• Chronic Lymphadenitis

    (Lymph Node Infection; Lymph Gland Infection; Lymph Node Inflammation; Lymph Gland Inflammation)


    Chronic lymphadenitis is inflammation or infection of a lymph node for an extended time. Lymph nodes are part of the immune system. This system fights and prevents infections. The lymph node’s job is to filter out unwanted substances, such as bacteria and viruses, and help eliminate them from the body.
    Lymph nodes occur in clusters in the neck, armpits, and groin. Chronic lymphadenitis may affect one node, several nodes in one area, or nodes in many areas of the body.
    Swollen Lymph Nodes
    Copyright © Nucleus Medical Media, Inc.


    Lymph nodes normally swell when fighting off an infection. In cases of more serious infection, the swelling may be prolonged. Lymphadenitis is usually caused by an infection that has spread to the lymph nodes from a skin, ear, nose, or eye infection. Other causes of lymphadenitis include:
    • Infection with streptococcal or staphylococcal bacteria
    • Tonsillitis
    • HIV infection
    • Genital herpes
    • Mononucleosis
    • Juvenile rheumatoid arthritis
    • Leukemia or lymphoma
    • Sickle cell anemia
    • Kawasaki disease

    Risk Factors

    Chronic lymphadenitis is more common in children younger than 12 years of age. Factors that may increase your chance of developing chronic lymphadenitis include:
    • Having one of the causes of lymphadenitis
    • Close contact with someone who has one of the causes of lymphadenitis
    • Contact with animals, specifically cats, rats, or cows


    Symptoms include:
    • Swollen, painful, tender, or hard lymph nodes/glands
    • The skin over a node is red and warm to the touch
    • Fever with the following symptoms:
      • Chills
      • Loss of appetite
      • Heavy perspiration
      • Rapid pulse
      • General weakness
    • Difficulty swallowing
    • Difficulty breathing
    • Neck stiffness


    You will be asked about your symptoms and medical history. A physical exam will be done.
    Your bodily fluids and tissue may be tested. This can be done with:
    Images may be taken of your bodily structures. This can be done with ultrasound.
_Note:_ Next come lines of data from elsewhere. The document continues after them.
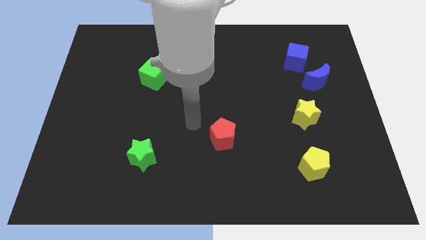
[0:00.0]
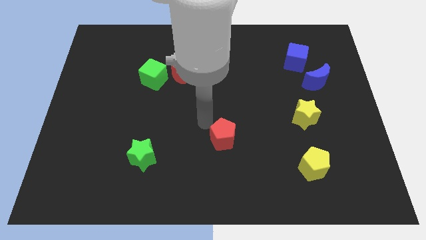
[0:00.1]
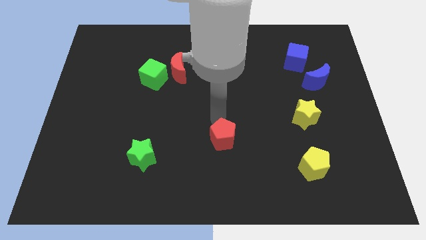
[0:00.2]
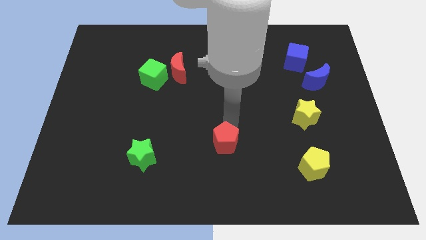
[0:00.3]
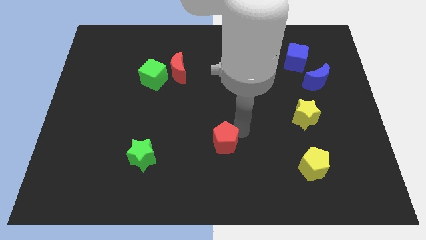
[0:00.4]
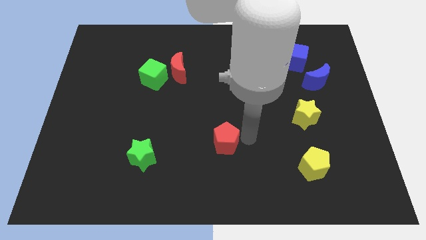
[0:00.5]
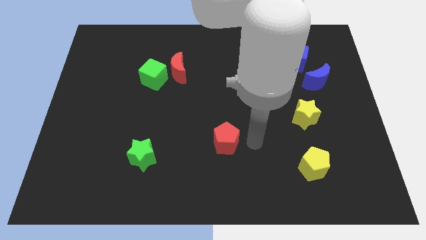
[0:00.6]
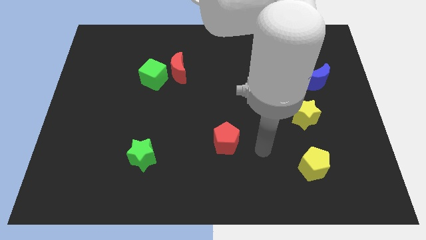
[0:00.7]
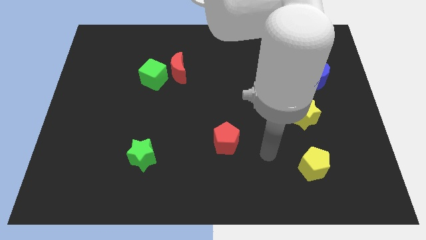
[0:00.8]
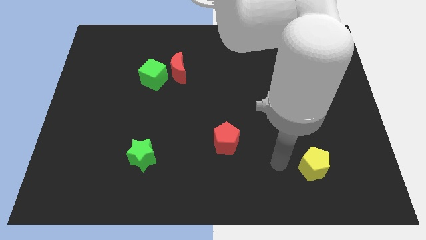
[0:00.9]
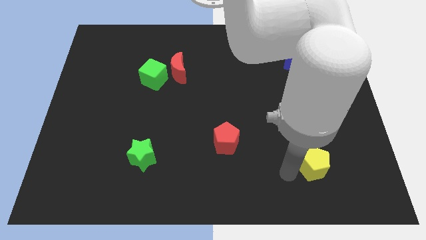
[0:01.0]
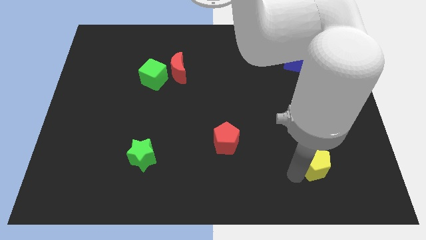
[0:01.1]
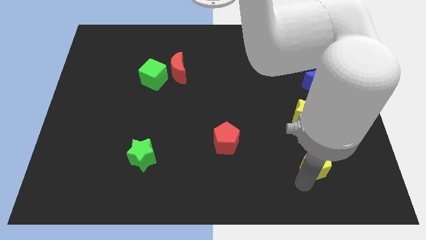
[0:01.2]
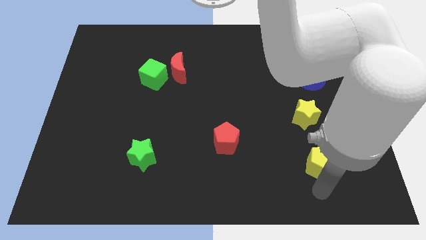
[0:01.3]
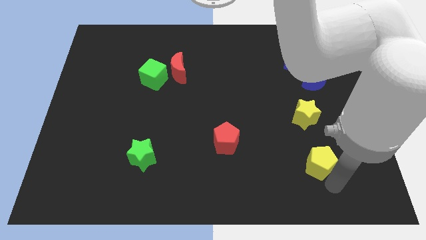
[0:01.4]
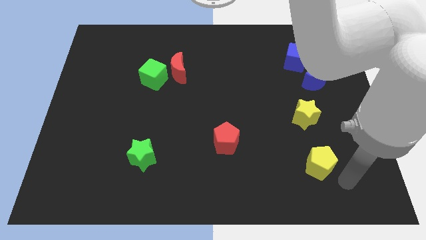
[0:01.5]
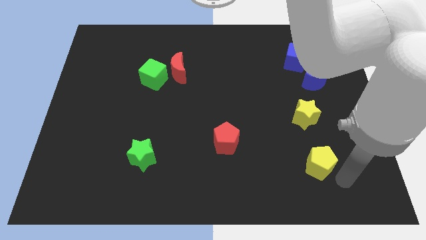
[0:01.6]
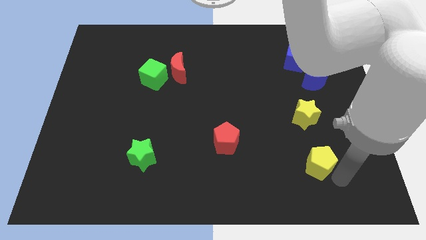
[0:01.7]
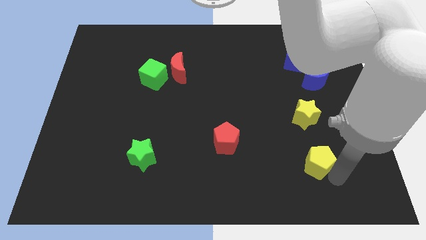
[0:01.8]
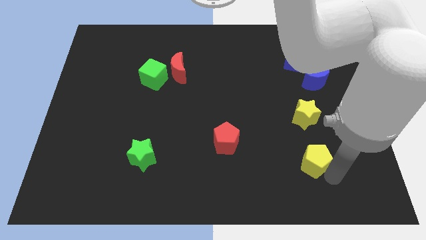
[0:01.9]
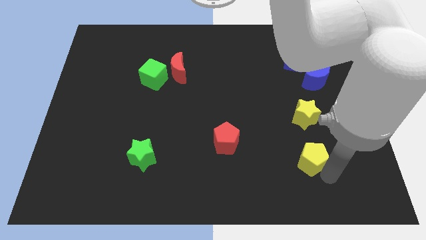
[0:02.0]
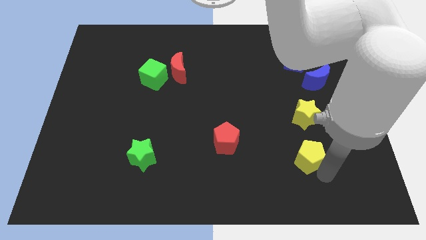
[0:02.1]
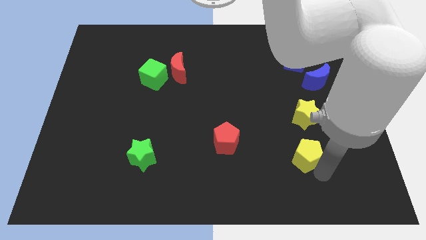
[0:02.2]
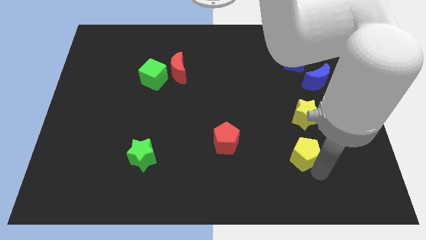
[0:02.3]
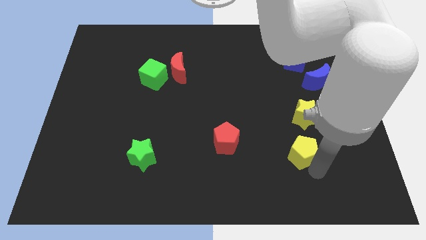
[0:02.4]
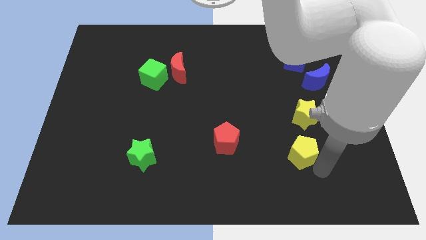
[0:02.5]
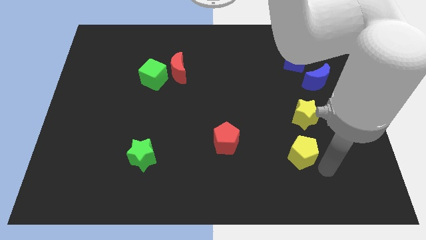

    The sooner chronic lymphadenitis is treated, the more favorable the outcome, depending on the cause. If you suspect you have this condition, contact your doctor right away.
    Treatment of chronic lymphadenitis depends on the cause. Talk with your doctor about the best treatment plan for you. Treatment options include the following:


    Medications may be prescribed, such as:
    • Antibiotics to control infection.
    • Non steroidal anti-inflammatory drugs (NSAIDs) to help reduce inflammation and swelling. Aspirin may be recommended for adults.
      • Note: Aspirin is not recommended for children or teens with a current or recent viral infection. This is because of the risk of Reye's syndrome. Ask your doctor which other medications are safe for your child.
    • Other treatments specific to the diagnosis.

    Supportive Care

    Hot, moist compresses on the lymph nodes can help relieve pain.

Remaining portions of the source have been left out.